Directions for this task >> Below are lines of records; copy exactly those from the one containing "Magnetic field strength: 1.5 T" through the one containing "gpt: commercial_area", leaving the pictures behind.

Extracted data entries:
......

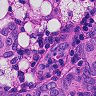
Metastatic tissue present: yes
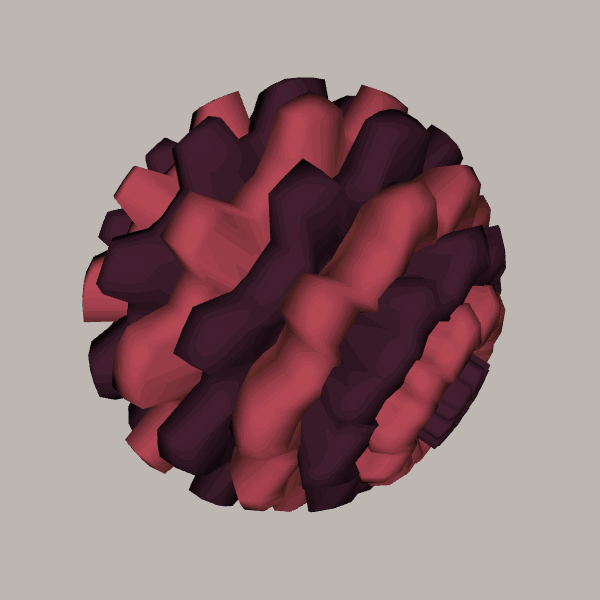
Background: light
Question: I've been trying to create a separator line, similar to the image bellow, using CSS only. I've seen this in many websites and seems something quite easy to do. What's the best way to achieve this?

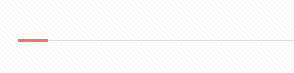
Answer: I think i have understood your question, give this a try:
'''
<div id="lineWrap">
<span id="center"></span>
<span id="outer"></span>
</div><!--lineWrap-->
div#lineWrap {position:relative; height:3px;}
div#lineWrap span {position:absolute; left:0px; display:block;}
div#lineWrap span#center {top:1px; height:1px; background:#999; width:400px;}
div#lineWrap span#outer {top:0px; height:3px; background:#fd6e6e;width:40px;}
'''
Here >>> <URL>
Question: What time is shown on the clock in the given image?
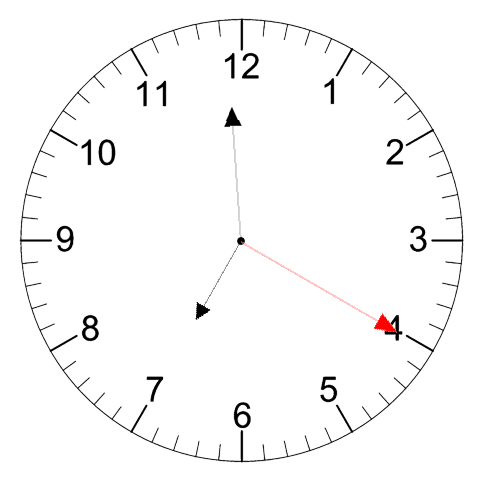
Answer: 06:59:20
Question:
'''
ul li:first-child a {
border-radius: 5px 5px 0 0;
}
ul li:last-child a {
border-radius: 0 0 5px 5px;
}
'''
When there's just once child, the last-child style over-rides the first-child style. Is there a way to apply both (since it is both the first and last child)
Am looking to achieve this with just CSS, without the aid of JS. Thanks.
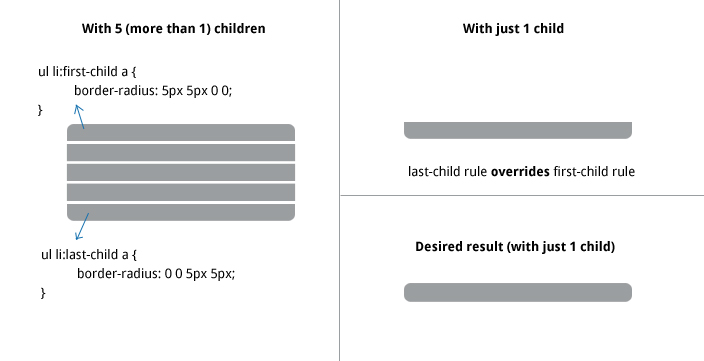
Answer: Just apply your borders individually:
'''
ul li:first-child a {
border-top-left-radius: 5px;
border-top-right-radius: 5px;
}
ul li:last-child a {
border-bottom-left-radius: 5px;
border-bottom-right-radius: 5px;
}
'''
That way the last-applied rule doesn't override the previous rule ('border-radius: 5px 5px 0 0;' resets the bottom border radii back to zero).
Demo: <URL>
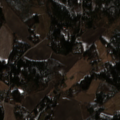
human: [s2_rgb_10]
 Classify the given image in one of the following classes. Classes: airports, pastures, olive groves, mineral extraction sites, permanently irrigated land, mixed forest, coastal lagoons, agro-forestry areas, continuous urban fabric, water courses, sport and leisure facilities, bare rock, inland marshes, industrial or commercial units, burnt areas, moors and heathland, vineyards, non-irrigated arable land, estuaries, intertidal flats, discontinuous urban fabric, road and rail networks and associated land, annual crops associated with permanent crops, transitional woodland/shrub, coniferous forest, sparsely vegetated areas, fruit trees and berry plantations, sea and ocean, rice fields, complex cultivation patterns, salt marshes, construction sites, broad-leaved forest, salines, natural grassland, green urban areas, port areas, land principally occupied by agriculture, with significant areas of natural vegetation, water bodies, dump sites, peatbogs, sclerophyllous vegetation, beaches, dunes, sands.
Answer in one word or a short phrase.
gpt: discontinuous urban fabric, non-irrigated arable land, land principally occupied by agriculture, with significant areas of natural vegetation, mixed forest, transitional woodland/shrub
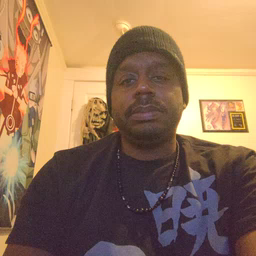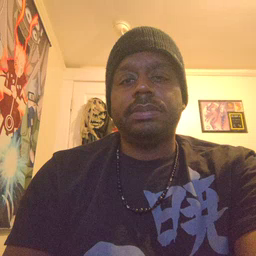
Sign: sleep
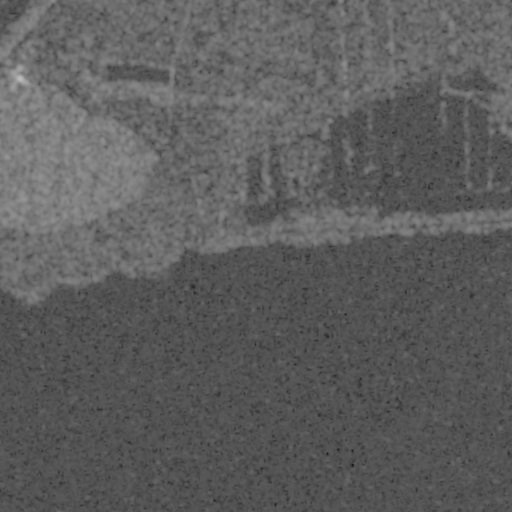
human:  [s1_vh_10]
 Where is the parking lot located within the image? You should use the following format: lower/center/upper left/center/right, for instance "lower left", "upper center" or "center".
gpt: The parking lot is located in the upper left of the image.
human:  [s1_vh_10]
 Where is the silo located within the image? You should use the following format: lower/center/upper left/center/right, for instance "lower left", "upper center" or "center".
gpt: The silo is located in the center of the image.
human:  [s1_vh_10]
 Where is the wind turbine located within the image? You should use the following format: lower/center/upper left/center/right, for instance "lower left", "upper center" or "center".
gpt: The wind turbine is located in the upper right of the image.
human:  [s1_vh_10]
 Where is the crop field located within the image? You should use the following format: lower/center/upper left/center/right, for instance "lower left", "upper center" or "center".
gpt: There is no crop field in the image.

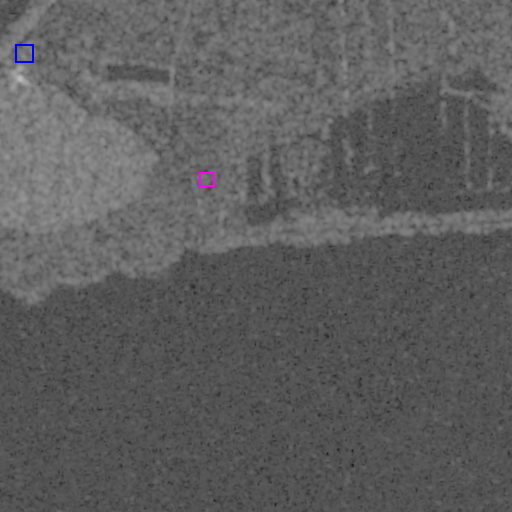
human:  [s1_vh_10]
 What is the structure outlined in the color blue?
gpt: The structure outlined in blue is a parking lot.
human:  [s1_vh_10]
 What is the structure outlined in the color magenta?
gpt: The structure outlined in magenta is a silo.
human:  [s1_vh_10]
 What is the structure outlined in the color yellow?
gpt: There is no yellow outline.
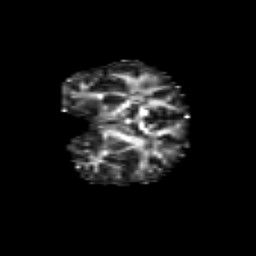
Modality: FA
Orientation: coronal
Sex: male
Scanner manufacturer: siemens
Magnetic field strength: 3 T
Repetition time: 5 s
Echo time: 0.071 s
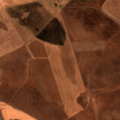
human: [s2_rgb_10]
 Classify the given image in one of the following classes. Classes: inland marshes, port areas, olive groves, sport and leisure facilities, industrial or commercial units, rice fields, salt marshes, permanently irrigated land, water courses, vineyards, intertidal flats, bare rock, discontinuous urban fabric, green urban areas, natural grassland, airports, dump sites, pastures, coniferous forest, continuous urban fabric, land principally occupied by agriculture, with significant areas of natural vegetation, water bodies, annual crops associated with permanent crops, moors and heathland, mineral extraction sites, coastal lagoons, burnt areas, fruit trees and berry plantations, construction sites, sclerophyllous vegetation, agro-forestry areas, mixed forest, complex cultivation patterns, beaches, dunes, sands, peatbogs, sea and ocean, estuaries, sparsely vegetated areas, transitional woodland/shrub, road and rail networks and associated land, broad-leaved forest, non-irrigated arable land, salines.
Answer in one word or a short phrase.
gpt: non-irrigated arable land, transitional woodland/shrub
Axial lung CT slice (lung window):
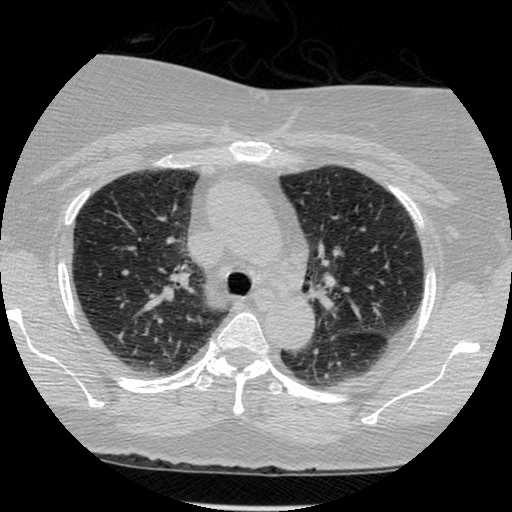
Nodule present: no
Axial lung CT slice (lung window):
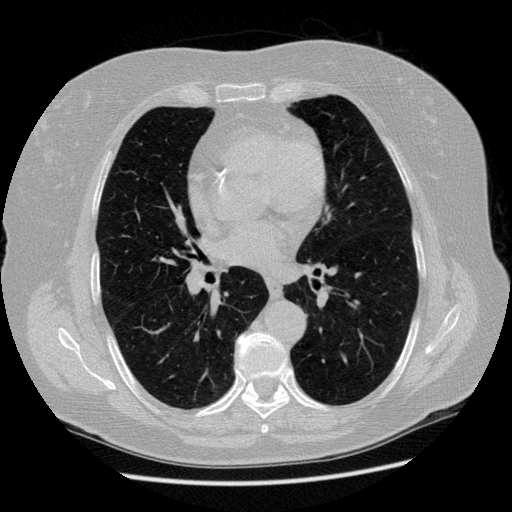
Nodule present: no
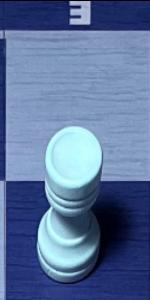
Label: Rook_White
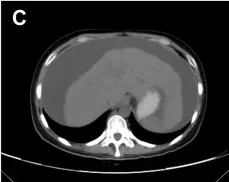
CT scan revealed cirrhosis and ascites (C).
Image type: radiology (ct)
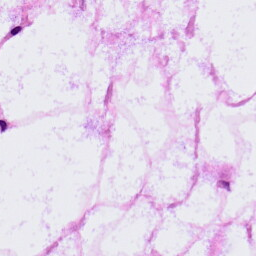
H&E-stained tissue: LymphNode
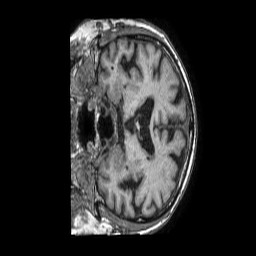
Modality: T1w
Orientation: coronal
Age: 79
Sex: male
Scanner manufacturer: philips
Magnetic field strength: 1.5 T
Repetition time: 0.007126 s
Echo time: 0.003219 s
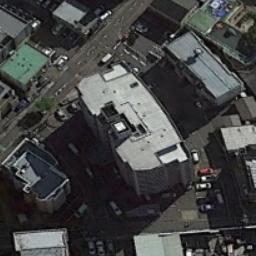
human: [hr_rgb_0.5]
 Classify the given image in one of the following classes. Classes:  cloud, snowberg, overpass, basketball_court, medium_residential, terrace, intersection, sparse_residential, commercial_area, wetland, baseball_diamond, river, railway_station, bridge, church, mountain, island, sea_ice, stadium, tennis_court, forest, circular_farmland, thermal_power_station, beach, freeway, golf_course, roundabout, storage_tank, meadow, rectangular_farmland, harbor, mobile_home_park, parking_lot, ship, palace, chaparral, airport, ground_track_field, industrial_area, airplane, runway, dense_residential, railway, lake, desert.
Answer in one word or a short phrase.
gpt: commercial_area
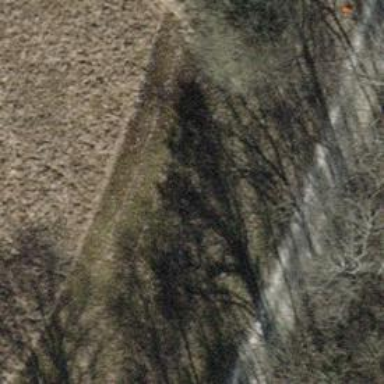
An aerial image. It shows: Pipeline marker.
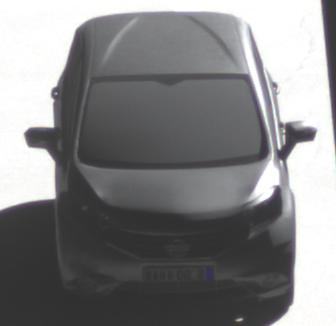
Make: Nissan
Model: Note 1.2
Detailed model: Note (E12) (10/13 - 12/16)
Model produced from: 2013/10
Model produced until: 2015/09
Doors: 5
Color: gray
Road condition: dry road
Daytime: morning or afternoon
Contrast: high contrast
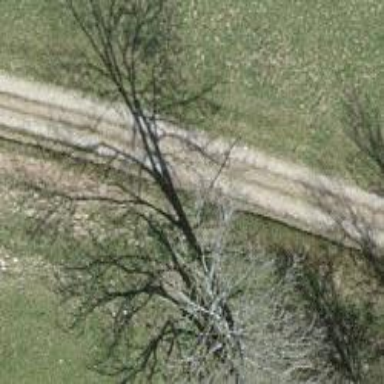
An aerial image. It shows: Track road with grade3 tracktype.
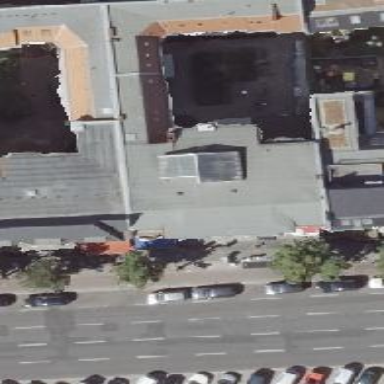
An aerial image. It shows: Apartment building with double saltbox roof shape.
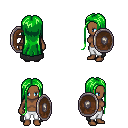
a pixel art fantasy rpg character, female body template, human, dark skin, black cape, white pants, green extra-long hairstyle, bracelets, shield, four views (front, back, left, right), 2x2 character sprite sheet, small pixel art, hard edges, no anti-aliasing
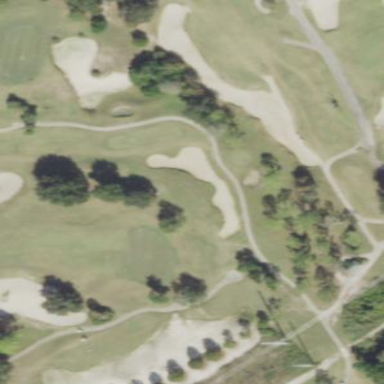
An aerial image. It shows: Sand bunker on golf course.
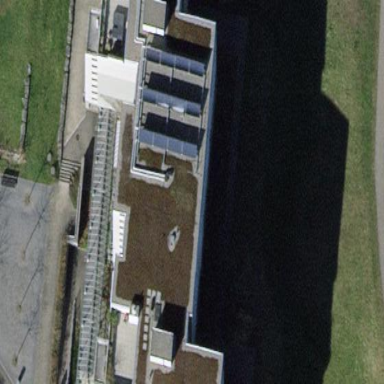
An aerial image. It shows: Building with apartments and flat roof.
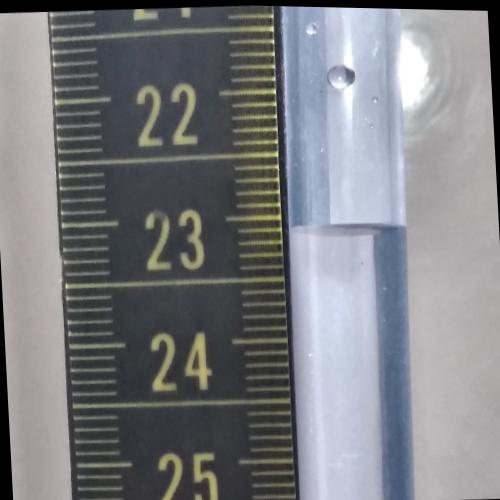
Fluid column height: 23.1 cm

......

Solution to this exercise >>
Magnetic field strength: 1.5 T
Repetition time: 0.007126 s
Echo time: 0.003219 s
human: [hr_rgb_0.5]
 Classify the given image in one of the following classes. Classes:  cloud, snowberg, overpass, basketball_court, medium_residential, terrace, intersection, sparse_residential, commercial_area, wetland, baseball_diamond, river, railway_station, bridge, church, mountain, island, sea_ice, stadium, tennis_court, forest, circular_farmland, thermal_power_station, beach, freeway, golf_course, roundabout, storage_tank, meadow, rectangular_farmland, harbor, mobile_home_park, parking_lot, ship, palace, chaparral, airport, ground_track_field, industrial_area, airplane, runway, dense_residential, railway, lake, desert.
Answer in one word or a short phrase.
gpt: commercial_area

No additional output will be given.